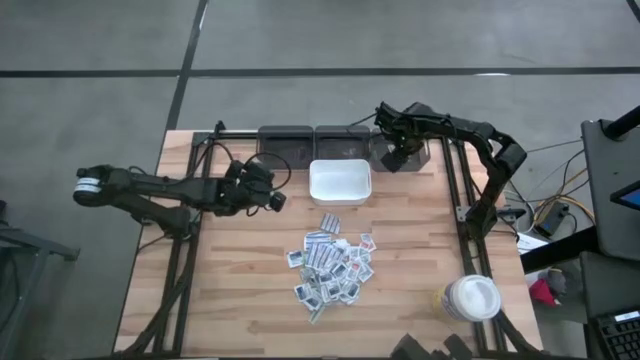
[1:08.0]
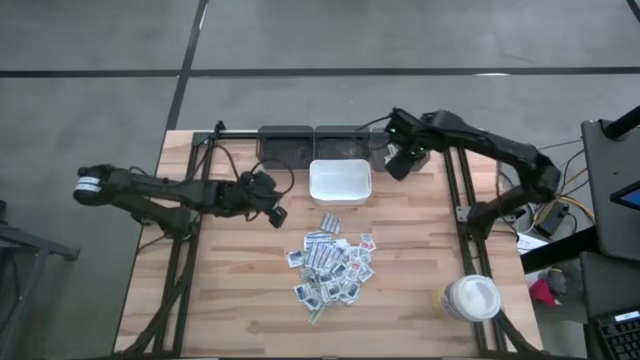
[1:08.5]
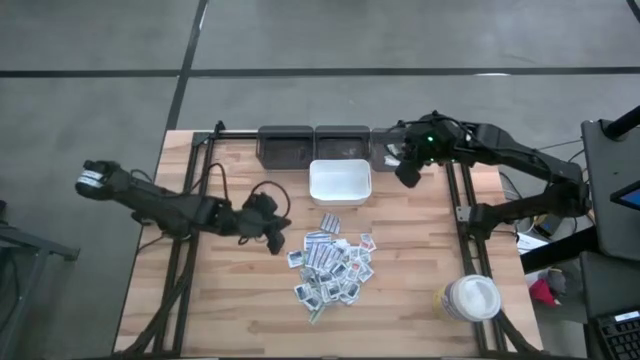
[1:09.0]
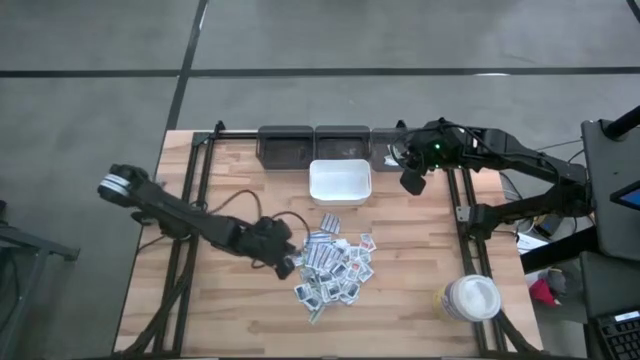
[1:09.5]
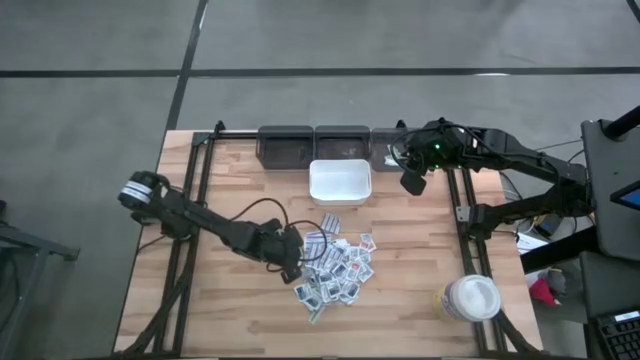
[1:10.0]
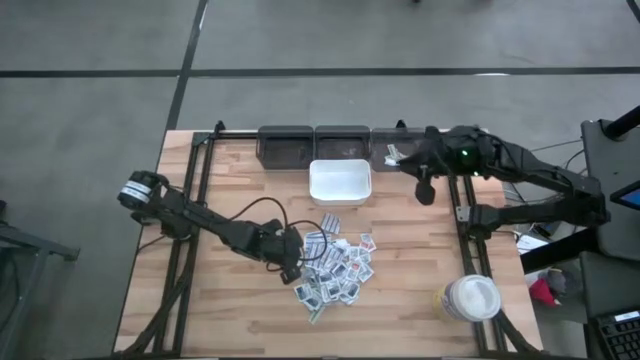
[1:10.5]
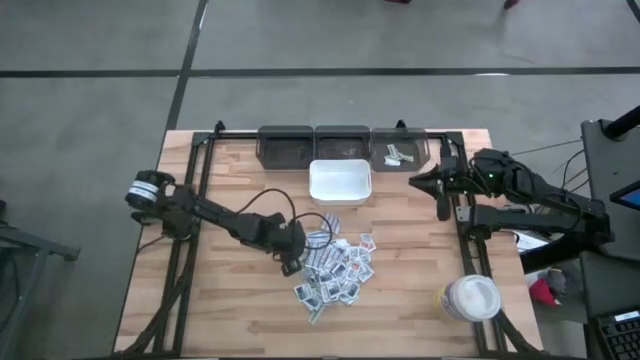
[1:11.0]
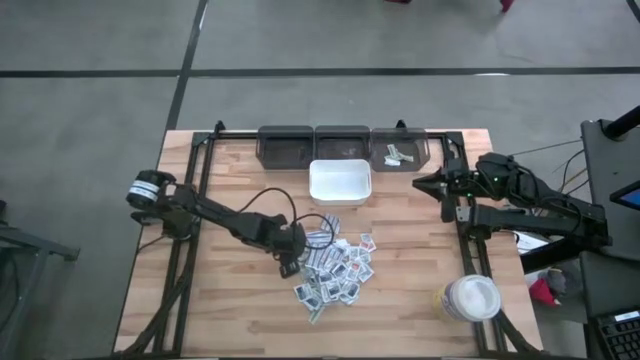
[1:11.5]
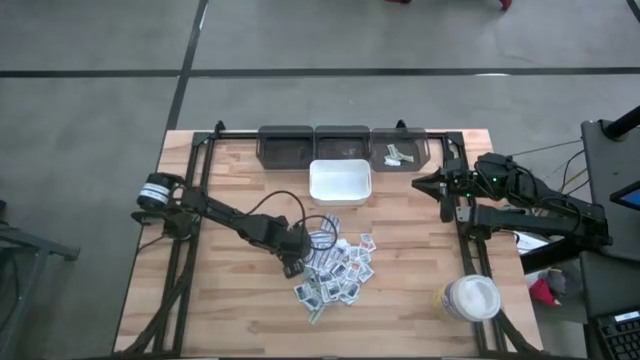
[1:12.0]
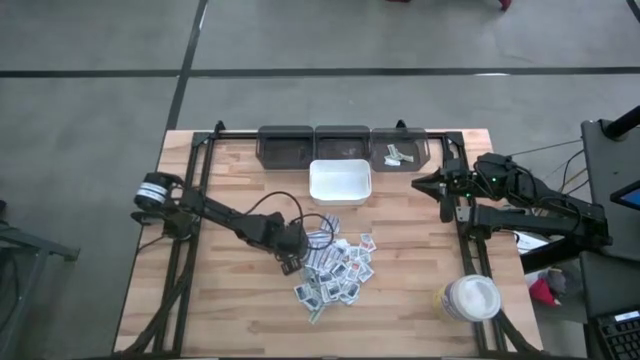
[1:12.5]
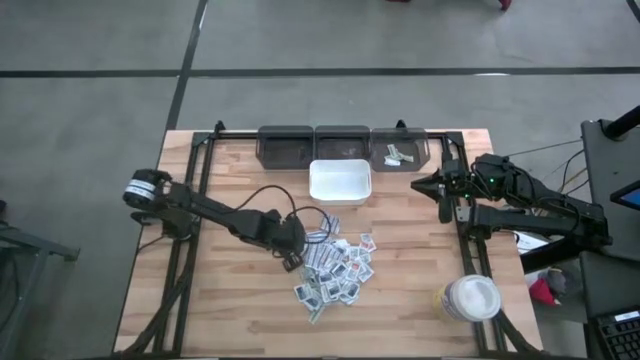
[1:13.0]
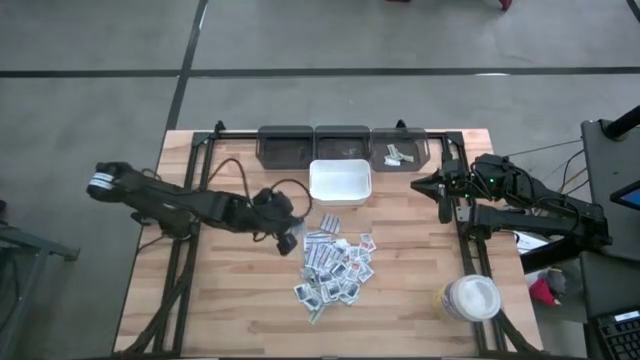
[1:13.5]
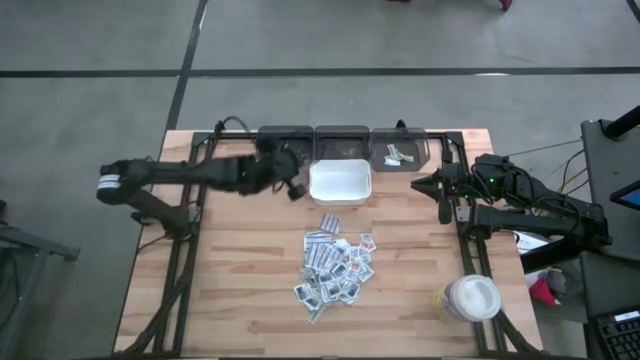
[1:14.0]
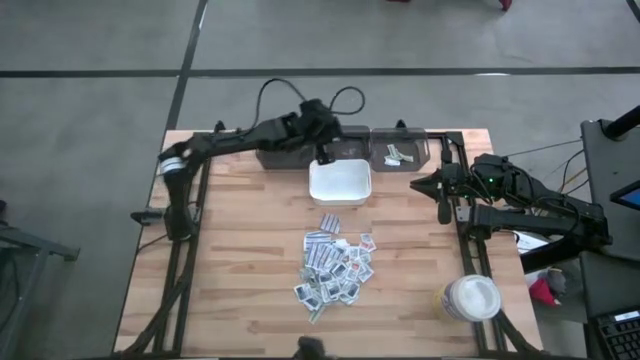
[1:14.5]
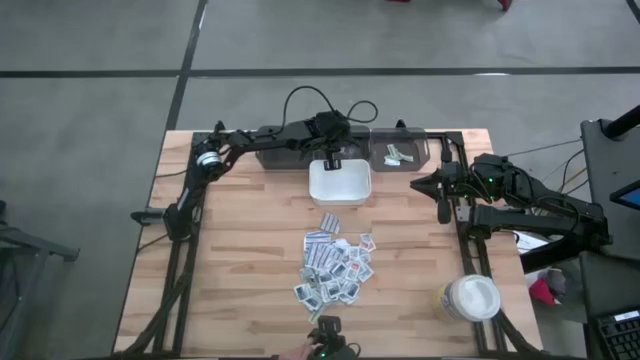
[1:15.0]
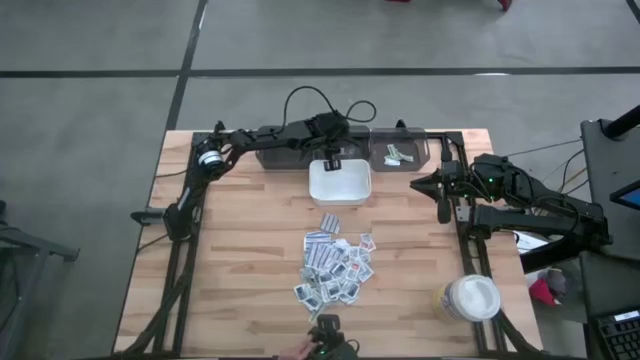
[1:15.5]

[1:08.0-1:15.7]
Task: Pick & Place First Aid Supplies
Put the blue alcohol pad into the middle gray bin

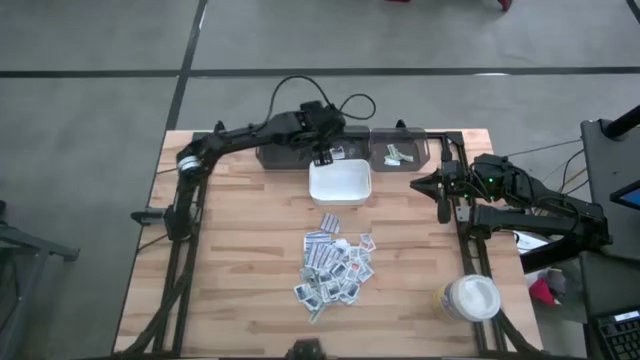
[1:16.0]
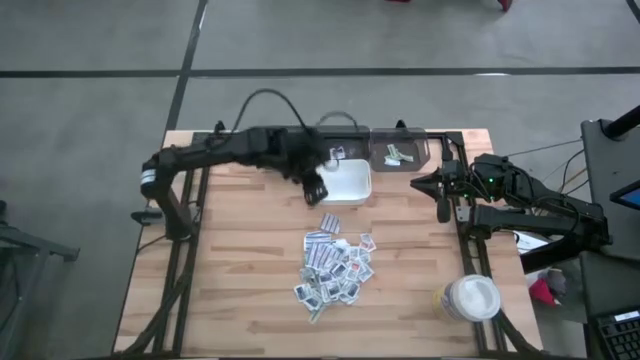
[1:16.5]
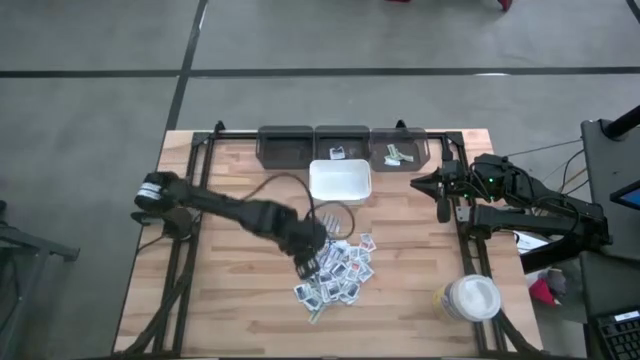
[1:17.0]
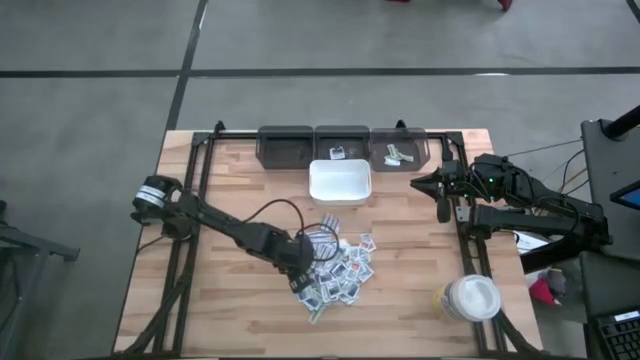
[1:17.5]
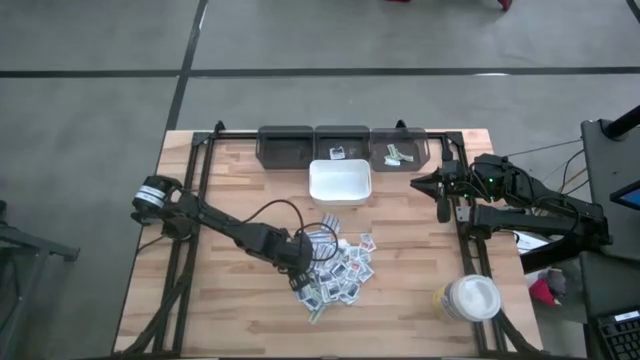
***
PROBLEM TO SOLVE: If an entry contains a picture, skip the picture and reproduce everything else exactly.

OUTPUT OF THE EXERCISE:
[1:08.0]
[1:08.5]
[1:09.0]
[1:09.5]
[1:10.0]
[1:10.5]
[1:11.0]
[1:11.5]
[1:12.0]
[1:12.5]
[1:13.0]
[1:13.5]
[1:14.0]
[1:14.5]
[1:15.0]
[1:15.5]

[1:08.0-1:15.7]
Task: Pick & Place First Aid Supplies
Put the blue alcohol pad into the middle gray bin

[1:16.0]
[1:16.5]
[1:17.0]
[1:17.5]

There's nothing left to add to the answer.